One of the other big problems with cars, which I don't think NJB has mentioned yet, is that they turn everyone into anonymous metal bubbles. Even without tinted windows, cars provide very little person-to-person visibility, communication, and most importantly, empathy. It is easy to become hateful towards a driver on the road in a way you'd never be towards a person you bumped into on foot, because they are nothing more than a big hotwheel that's sitting in your way.

Tom Scott made a video about Peachtree City, Georgia.

They have a network of asphalt paths designed specifically for travel by golf cart, which I think is really cool and sets a good example for the rest of the country to follow. Small vehicles provide an intermediate option between bicycles and 3,000 pound automobiles, ideal for many of the around-town trips we have to make where a bike might not be enough:

NJB has talked about microcars, and while the video is still excellent, these don't strike my fancy the same way the golf carts did. Most of the microcars shown in his video follow too much in the design language of regular cars, with their high pillars and rectangulish porthole windows.

If we were to adopt small vehicles in more areas, I'd like them to remain mostly open-air, or wrapped in clear glass only. Slower modes of travel allow everyone to be closer to each other, and this coupled with high person-to-person visibility will ease traffic interactions and lessen the visceral savage hate that leads to so many of our stupid, pointless crashes. A switch to small vehicles is an opportunity to solve multiple traffic problems at once — let's not squander it by following the same old metal-bubble design. I don't expect actual golf carts to be what sweeps the nation, I just want small vehicles about that size, plus some comforts like weatherproofing and a sound system.

(See also Micah Toll's glowing review of a 25 mph electric mini-truck from China: part 1, part 2)

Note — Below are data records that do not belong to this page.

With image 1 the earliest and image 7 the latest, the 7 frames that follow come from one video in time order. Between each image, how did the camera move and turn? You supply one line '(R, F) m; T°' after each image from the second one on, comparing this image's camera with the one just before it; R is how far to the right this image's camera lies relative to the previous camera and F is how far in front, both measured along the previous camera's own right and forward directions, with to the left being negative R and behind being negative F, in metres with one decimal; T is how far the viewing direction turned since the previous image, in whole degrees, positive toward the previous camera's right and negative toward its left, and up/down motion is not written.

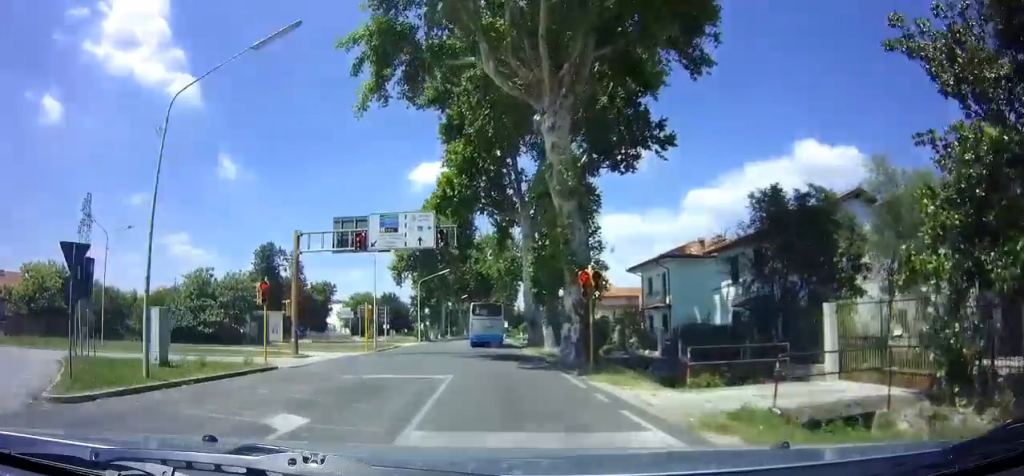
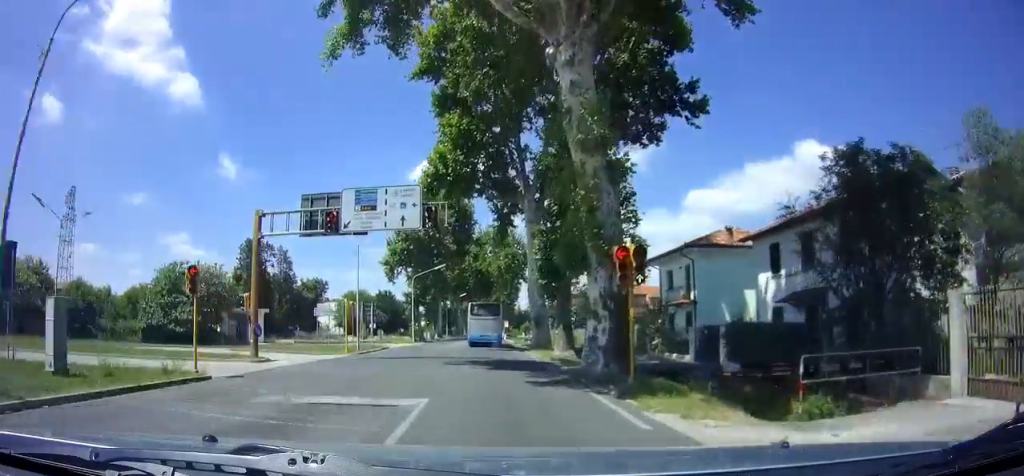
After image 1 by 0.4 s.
(0.0, +5.0) m; 0°
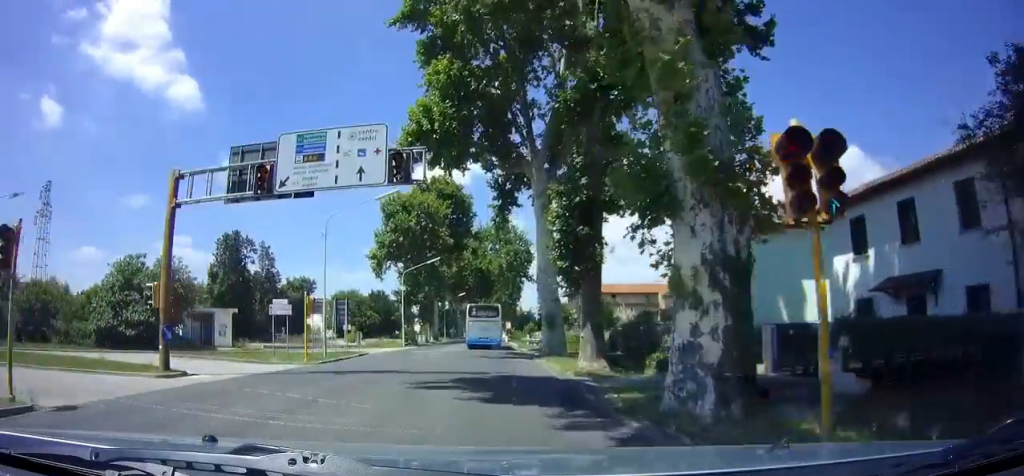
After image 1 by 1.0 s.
(0.0, +7.6) m; 0°
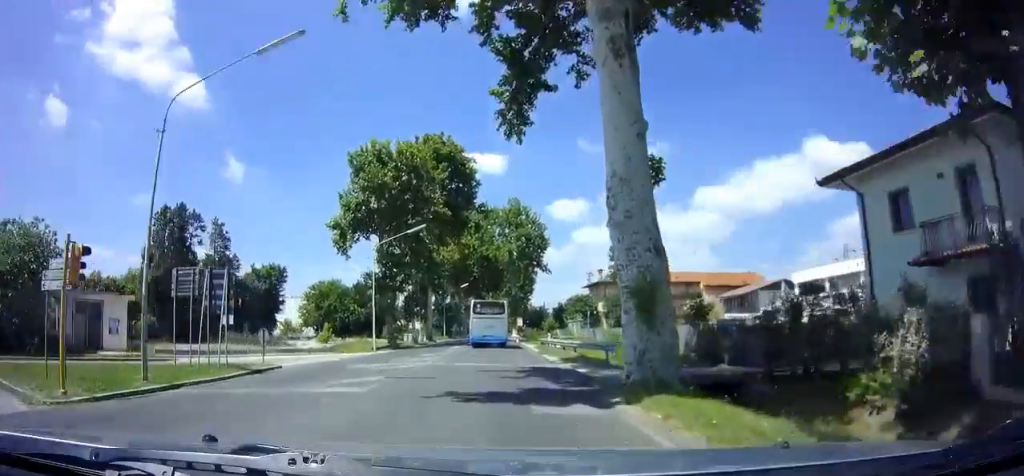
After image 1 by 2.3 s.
(-0.2, +16.6) m; -1°
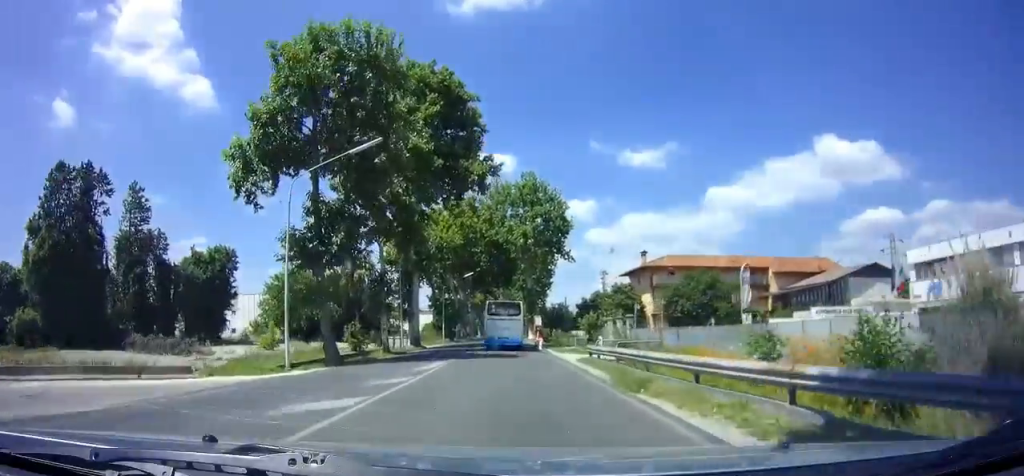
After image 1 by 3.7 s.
(-0.1, +17.9) m; -1°
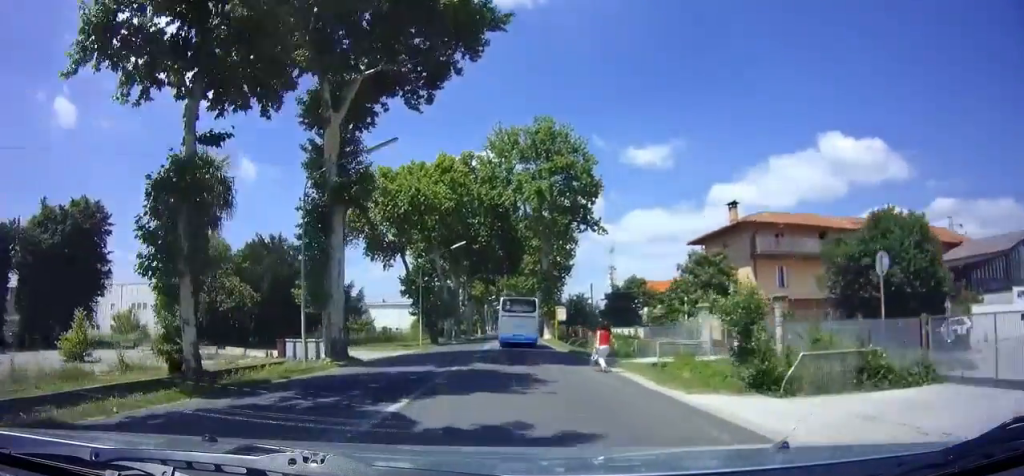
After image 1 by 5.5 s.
(+0.1, +22.7) m; +1°
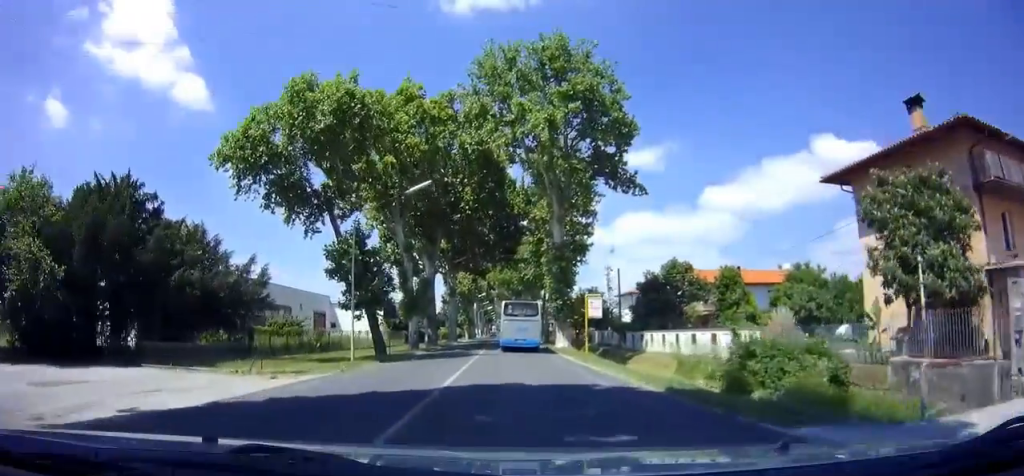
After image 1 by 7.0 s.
(+0.2, +19.8) m; +1°

Finally, we need more public transit and it needs to provide benefits that cars can't. Sometimes I'll pick a destination on Google maps and ask it to route by transit. For destinations that are within "day trip" distance, the results are usually three to five times as long as travel by car, blowing all possibility of making a day trip out of it. I tried sampling a few destinations from here to the other coast and transit never seems to break even, always 1.5× to 2.5× the travel time of the car.

I have very little experience riding transit, so I'm not sure how much timing overhead is to be expected, or if these numbers are Americanly bad. Naturally, some time overhead is worth it in exchange for not having to do the driving, and transit routes can never be as direct as driving there yourself. But I really was expecting the trains to go just a little bit faster to make up for it. Notwithstanding that at these distances you're better off enjoying stops along the way rather than gunning for the finish.

As it stands, it is undeniable that transit is always significantly slower and less practical for day-to-day travel than driving except in the very densest of cities, and only exists for those who have no other options. Improved transit could be a great benefit to our society and atmosphere [2], but only if it provides enough advantages to be desirable to a person who otherwise could drive a car.

I won't detail the need for separated bike lanes and narrower, slower streets because those should be self-evident by now.

I can also recommend City Beautiful. In the meantime, try breaking traffic waves.

[1] I look forward to EVs replacing ICEs, but they are still not as good as just using fewer cars.

[2] That's the place we keep our breathable air.